Slowly the situation improved. By September, 1942 the threat from air-raids was less severe and children were freed from their obligation to carry gas-masks to school every day. Two years later, the threat seemed to have diminished even further for the nightly fire-watching patrols in the school were discontinued. This action was, in fact, somewhat premature since the air-raid sirens sent the senior pupils back to the shelters only three days later. At last, in May, 1945 the school log-book recorded the long-awaited news:

May 8th, 1945 : V.E. (Victory in Europe) Day. Following the official intimation that Germany has accepted the Allies' terms of unconditional surrender, Tuesday, May 8th was declared V.E. Day and it and the following two days were general holidays. On Friday, when school re-opened, a Thanksgiving Service was held in the hall.

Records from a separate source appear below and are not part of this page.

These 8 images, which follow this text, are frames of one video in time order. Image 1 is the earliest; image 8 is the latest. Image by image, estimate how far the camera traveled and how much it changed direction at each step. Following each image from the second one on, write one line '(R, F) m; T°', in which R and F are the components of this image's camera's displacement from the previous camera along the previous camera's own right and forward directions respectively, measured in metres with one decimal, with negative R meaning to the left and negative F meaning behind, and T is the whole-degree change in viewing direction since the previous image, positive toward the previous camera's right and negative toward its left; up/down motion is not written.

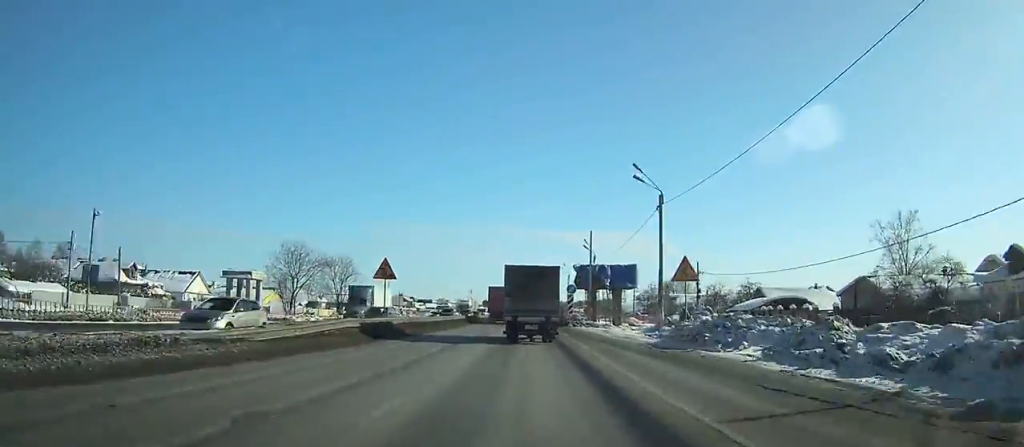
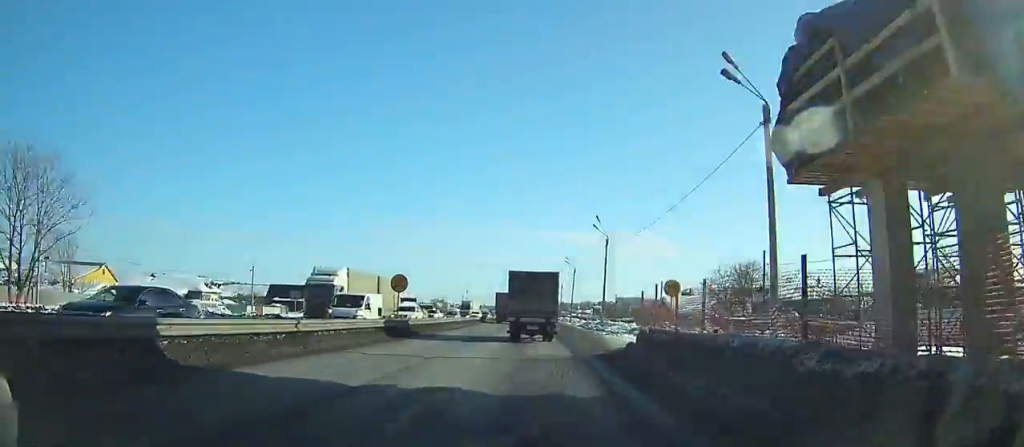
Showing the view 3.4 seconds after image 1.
(+0.1, +57.2) m; +1°
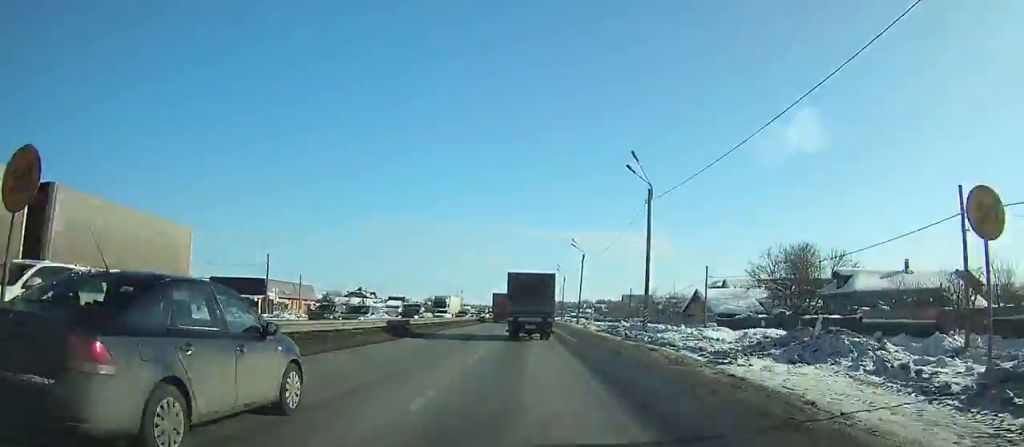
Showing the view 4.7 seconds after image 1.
(+0.1, +22.9) m; 0°
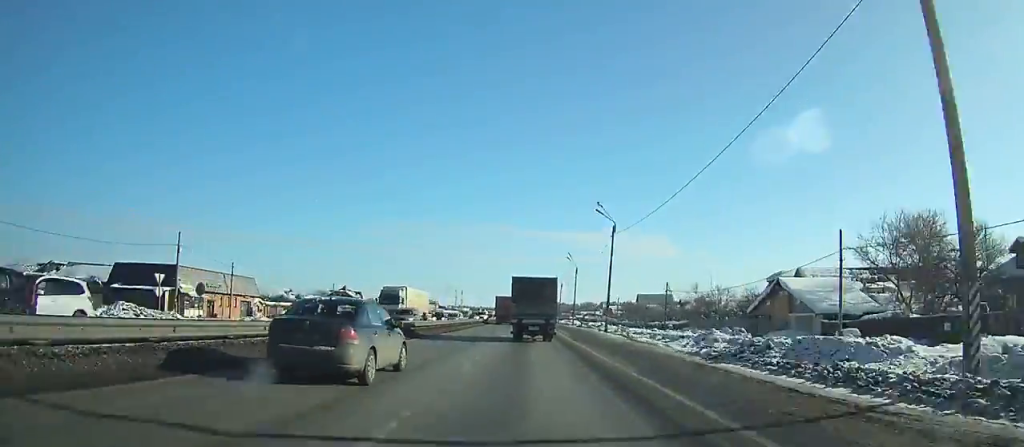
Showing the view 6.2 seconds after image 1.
(+0.2, +27.0) m; 0°
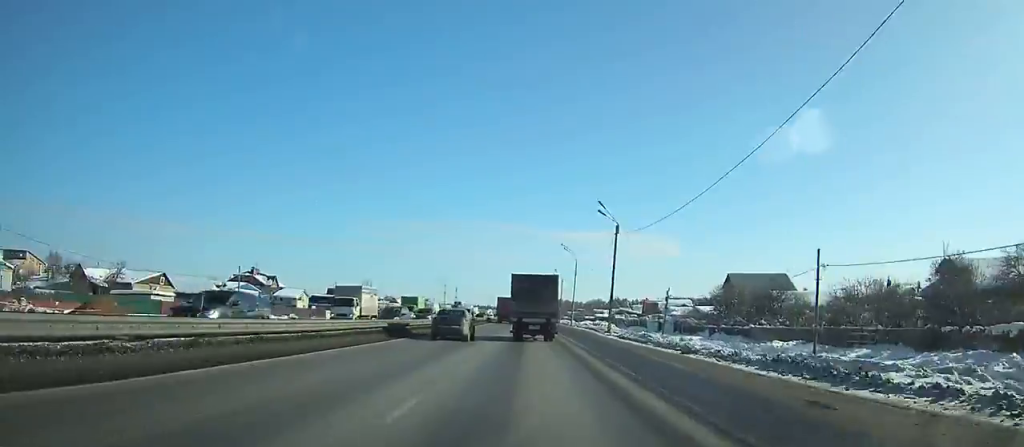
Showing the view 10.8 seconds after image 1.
(+0.3, +86.6) m; 0°
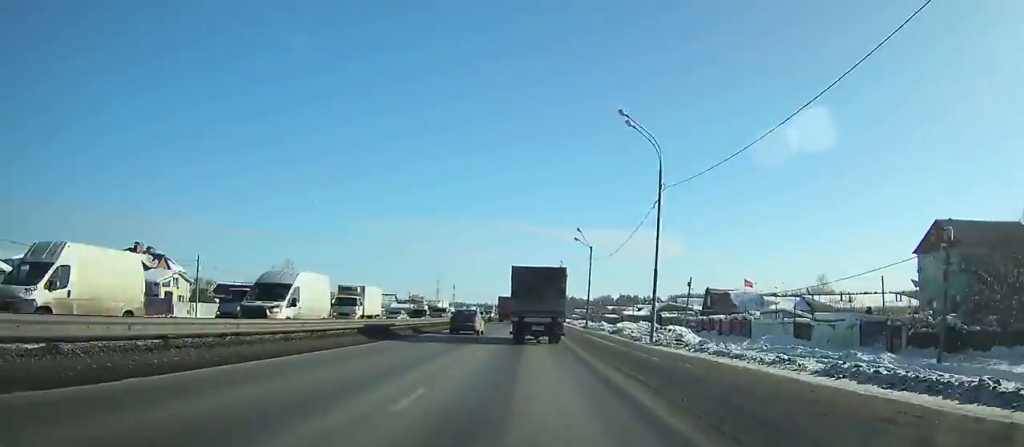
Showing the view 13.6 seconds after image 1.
(-0.2, +54.0) m; 0°
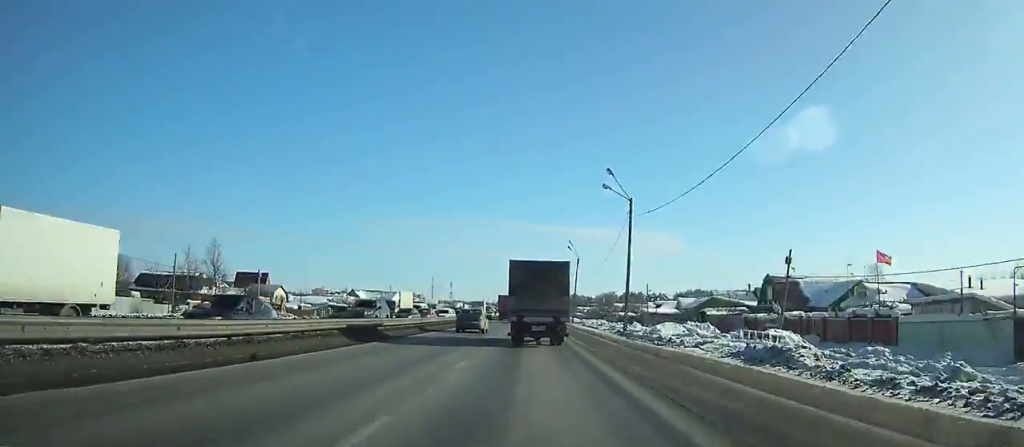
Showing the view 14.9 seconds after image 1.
(0.0, +25.0) m; 0°
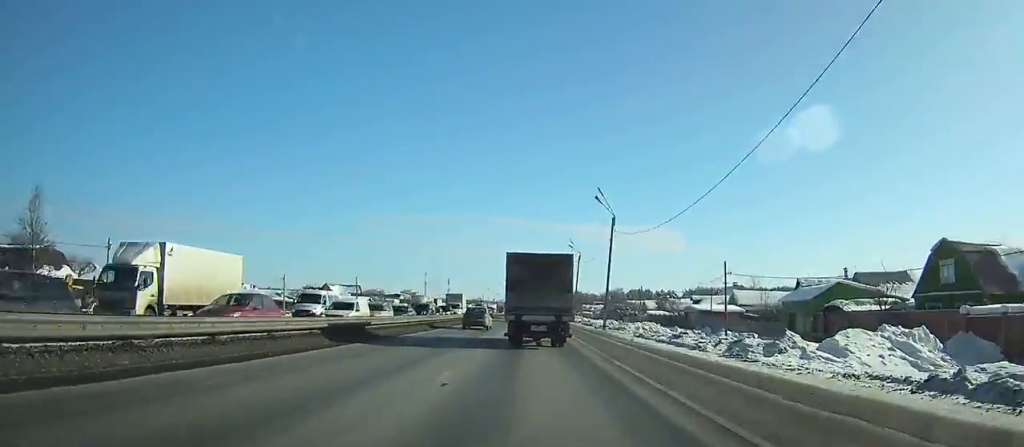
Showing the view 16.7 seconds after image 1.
(0.0, +34.2) m; 0°

Gradually the school began to return to its traditional routine. The staff serving in the armed forces reappeared one by one and, by late 1946, all had resumed their posts. One can well imagine the relief this brought to the hard-pressed Rector for the war years had seen almost one hundred staff changes. By 1947, most of the air-raid shelters had been demolished, causing further disruption since the crash of falling masonry in the south playground made teaching in the secondary department a hopeless task. The visible evidence of wartime had been removed - the fine wire mesh over the windows, the black-out curtains, the signs pointing to the shelters - but one sad task remained. Those who had given their lives during the conflict had to be paid due honour.  

 


The task of compiling a complete list of former pupils who had lost their lives took almost five years and it was not until 25th June, 1950 that the War Memorial was finally dedicated. In a simple but moving ceremony, the memorial was unveiled, revealing the great loss which the school had suffered. Seventy-two names are listed, ranging from pupils educated at Park Place to those who had attended Perth Road as late as 1944. Above their names, a simple inscription told (and continues to tell) the tragic sacrifice they had made:

To the glory of God and in memory of former pupils who gave their lives for their country in the World War.

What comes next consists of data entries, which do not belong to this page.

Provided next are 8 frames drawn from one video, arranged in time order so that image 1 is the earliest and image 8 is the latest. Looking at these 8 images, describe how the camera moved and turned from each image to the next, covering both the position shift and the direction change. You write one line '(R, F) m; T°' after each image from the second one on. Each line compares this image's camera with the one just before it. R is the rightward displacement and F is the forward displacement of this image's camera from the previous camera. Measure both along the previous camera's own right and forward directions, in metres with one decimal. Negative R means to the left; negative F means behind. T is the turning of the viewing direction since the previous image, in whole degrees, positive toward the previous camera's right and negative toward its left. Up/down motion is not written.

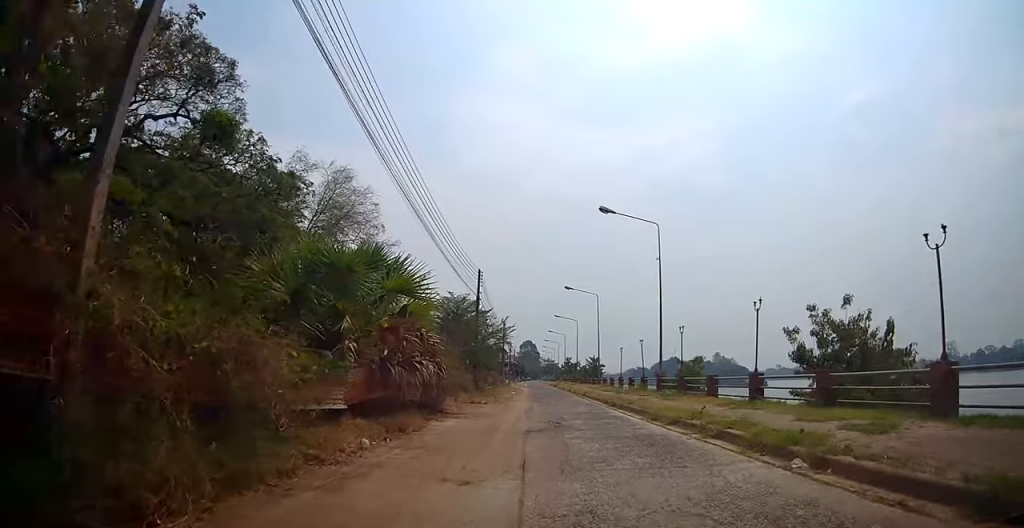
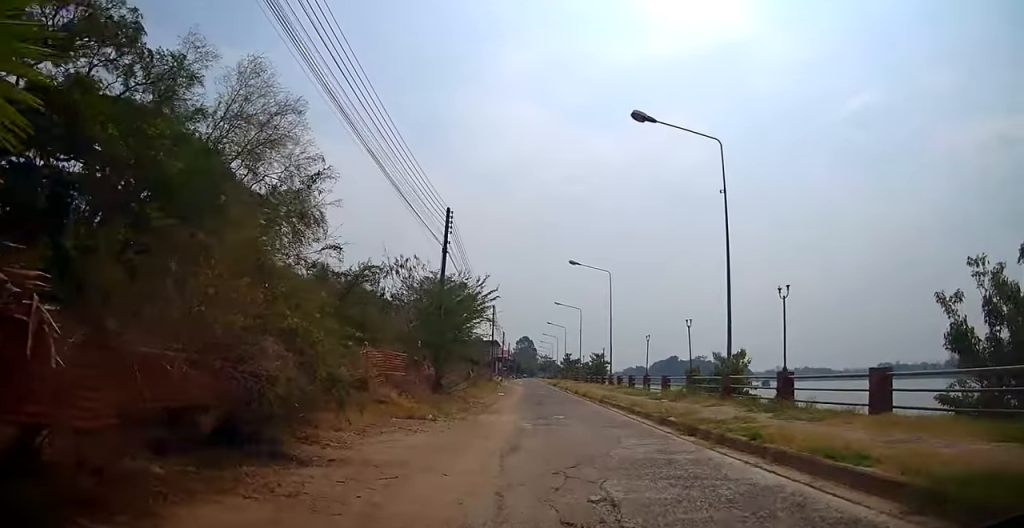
(-0.4, +12.0) m; -2°
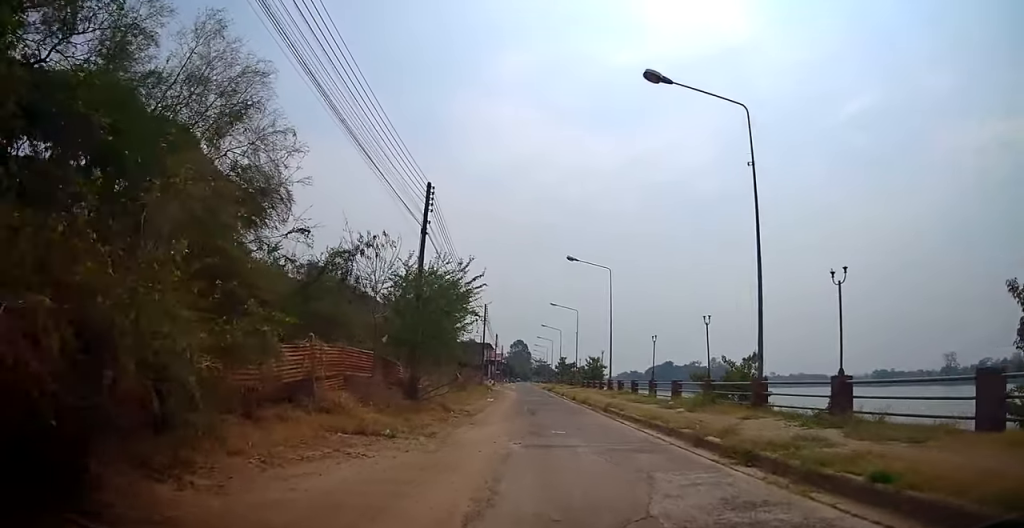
(0.0, +3.5) m; 0°
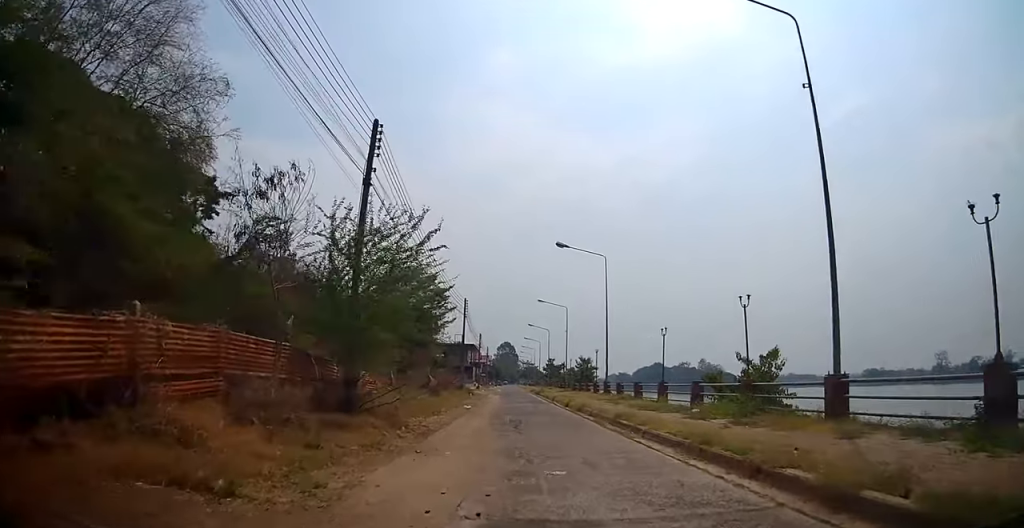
(+0.1, +5.5) m; 0°
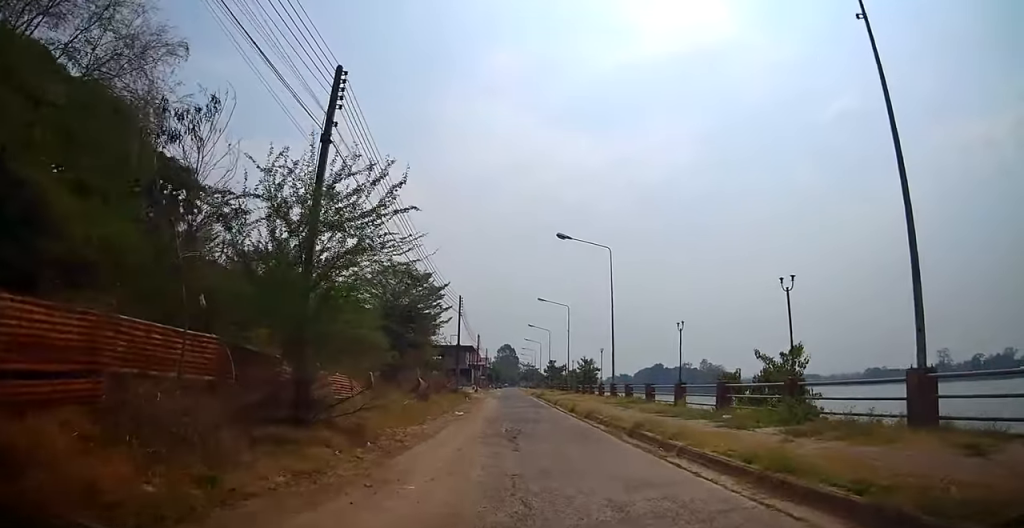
(-0.1, +3.0) m; -1°
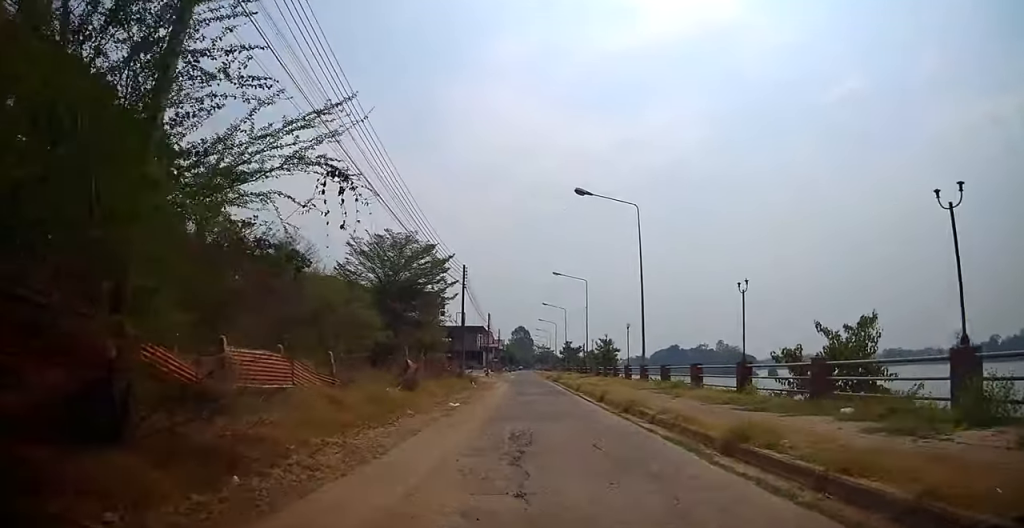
(0.0, +5.8) m; -1°
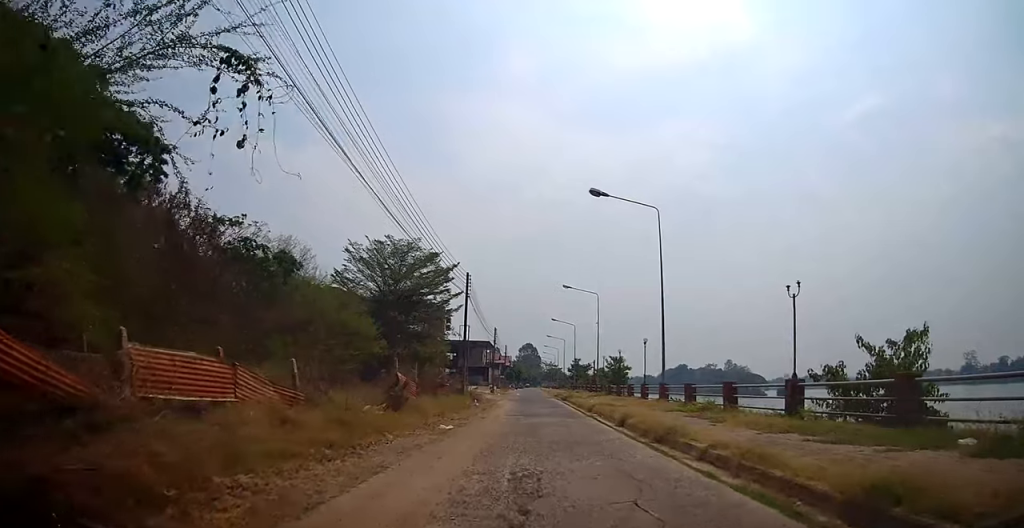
(+0.1, +2.9) m; -1°
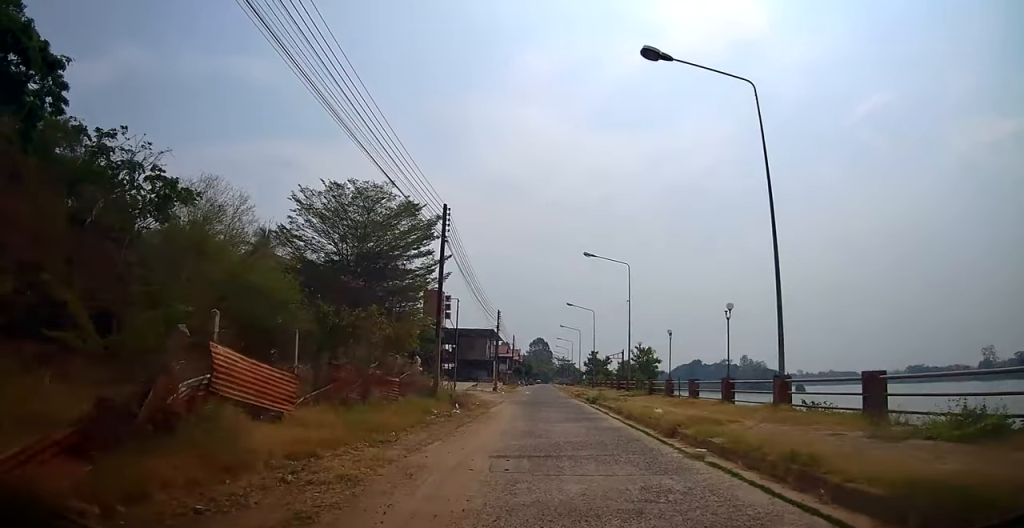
(-0.1, +12.1) m; +1°

The occasion was solemn and made a deep impression on even the youngest of those present. For one person, however, the moment must have been particularly poignant. Alexander Peterkin, Rector from 1930 to 1950, had, as almost his first duty, supervised the removal of the Remembrance Board from Park Place to Perth Road. Now, as retiral approached, one of his last duties was once again to pay tribute to the fallen:

To me, their Rector, who knew them all, every one of them, as they went through the school and out into the world, their passing comes with the heaviness of a deep personal loss, for in a very real sense they were my boys and girls. For us, the teachers and pupils of this generation, their memory and the thought of what they meant to this school in the building up of its tradition of high purpose and willing service, and what they would have meant, had Fate so willed it, to the community and to the nation in the years to come, will remain a lasting pride, an abiding inspiration.

Some twenty-five years before, a thirteen-year-old pupil had expressed his hope that "the children of today will not live to be the soldiers of tomorrow". Sadly, the evidence of the Memorial Board on the main staircase and the Book of Remembrance below it show that this hope was not to be fulfilled, and that a second generation of pupils made the supreme sacrifice.